▶ **Work instruction**
The whole listing should come back exactly as written, except for the pictures.

▼

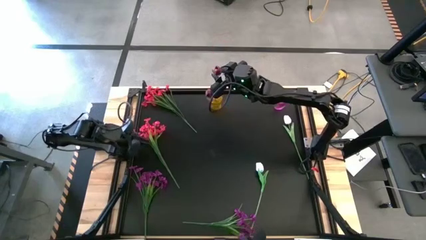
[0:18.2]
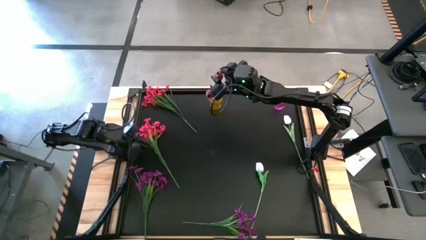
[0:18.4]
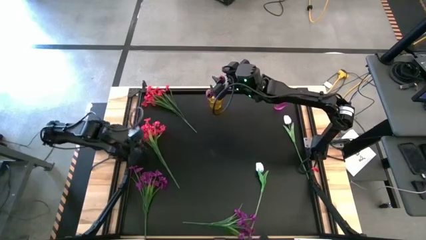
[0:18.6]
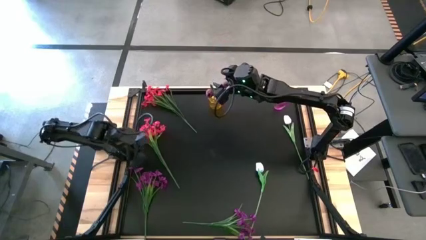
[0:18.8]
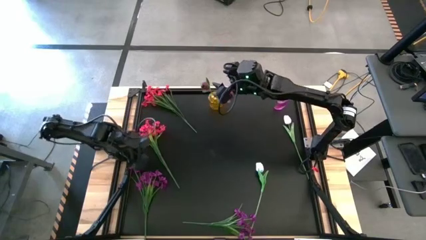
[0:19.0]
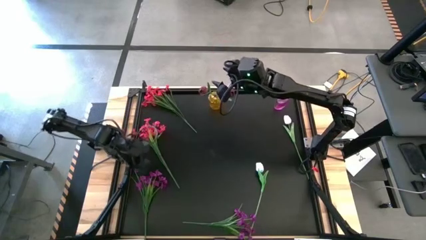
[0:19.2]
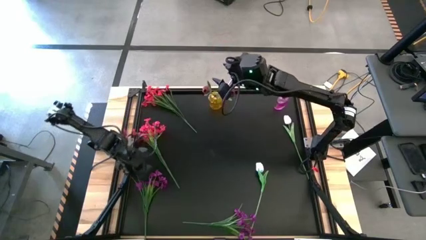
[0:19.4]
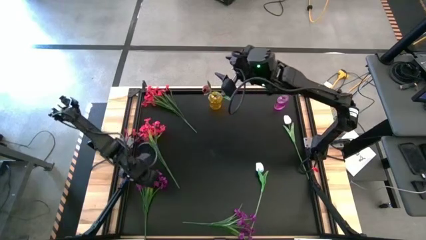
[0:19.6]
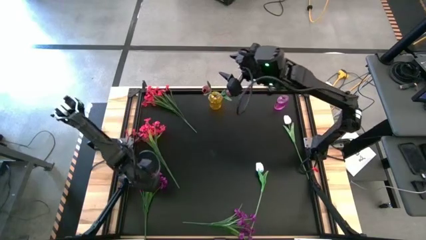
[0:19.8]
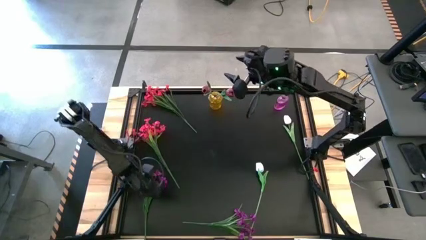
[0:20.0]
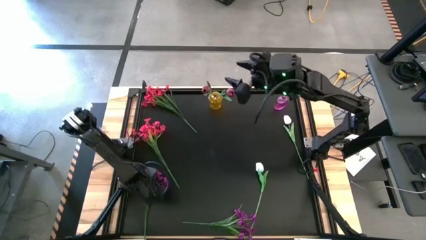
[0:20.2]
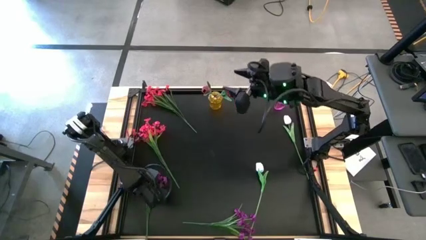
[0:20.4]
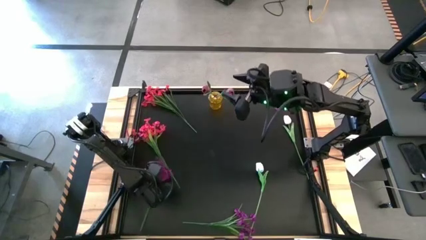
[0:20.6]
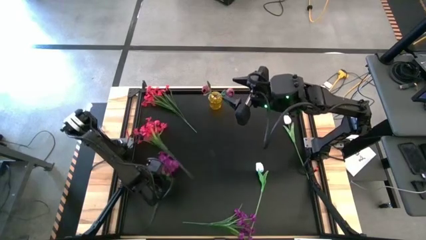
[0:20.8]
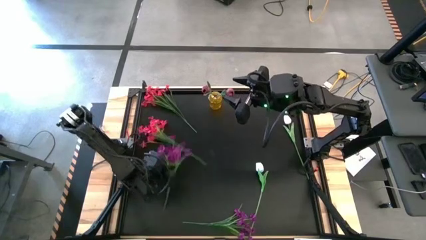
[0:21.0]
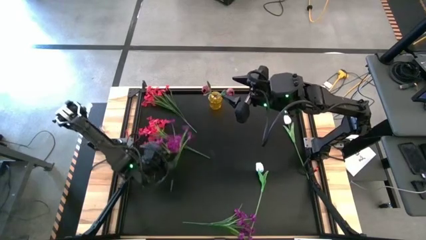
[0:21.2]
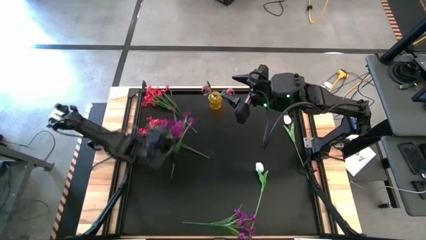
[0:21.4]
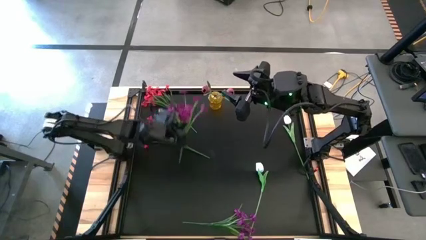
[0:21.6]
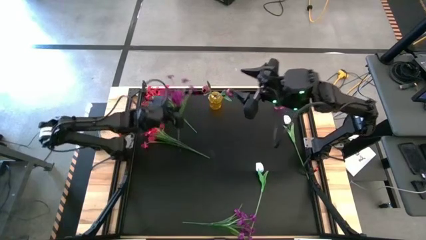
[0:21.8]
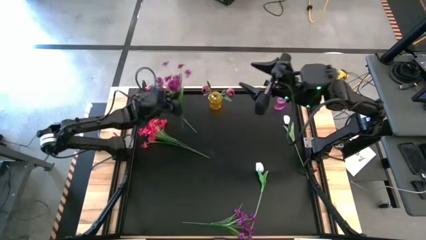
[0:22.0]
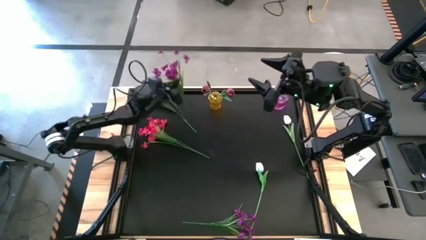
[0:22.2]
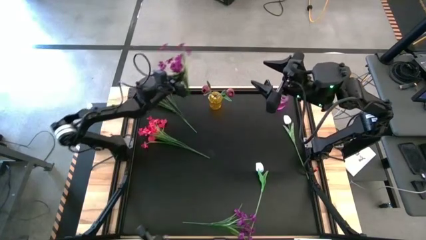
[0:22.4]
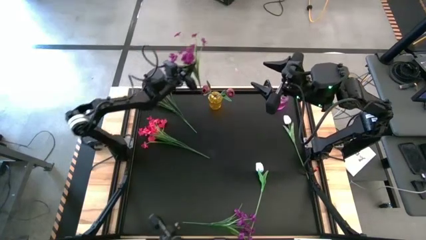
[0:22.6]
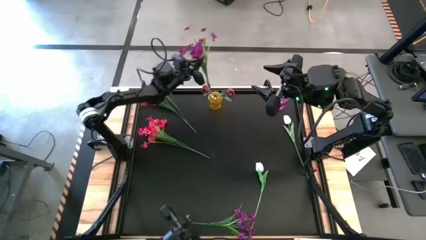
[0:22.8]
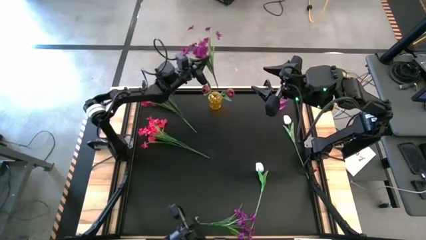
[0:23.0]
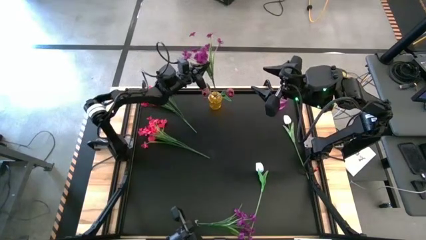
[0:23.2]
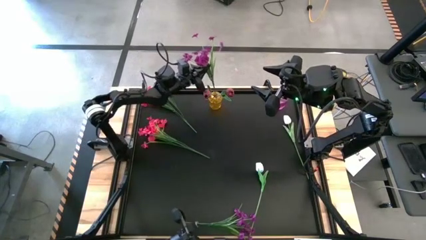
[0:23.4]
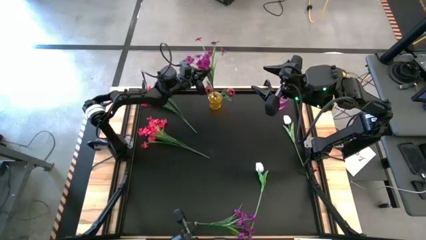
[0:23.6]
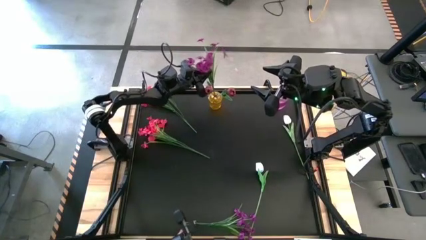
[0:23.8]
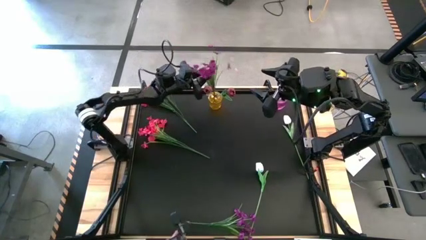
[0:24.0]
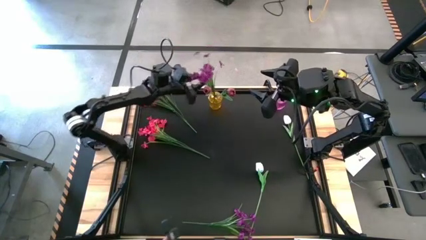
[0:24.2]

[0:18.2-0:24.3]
Task: Sort flowers into vase by color
Put the left violet flowers into the yellow flower vase

▲

▶ **Answer for this exercise**
[0:18.2]
[0:18.4]
[0:18.6]
[0:18.8]
[0:19.0]
[0:19.2]
[0:19.4]
[0:19.6]
[0:19.8]
[0:20.0]
[0:20.2]
[0:20.4]
[0:20.6]
[0:20.8]
[0:21.0]
[0:21.2]
[0:21.4]
[0:21.6]
[0:21.8]
[0:22.0]
[0:22.2]
[0:22.4]
[0:22.6]
[0:22.8]
[0:23.0]
[0:23.2]
[0:23.4]
[0:23.6]
[0:23.8]
[0:24.0]
[0:24.2]

[0:18.2-0:24.3]
Task: Sort flowers into vase by color
Put the left violet flowers into the yellow flower vase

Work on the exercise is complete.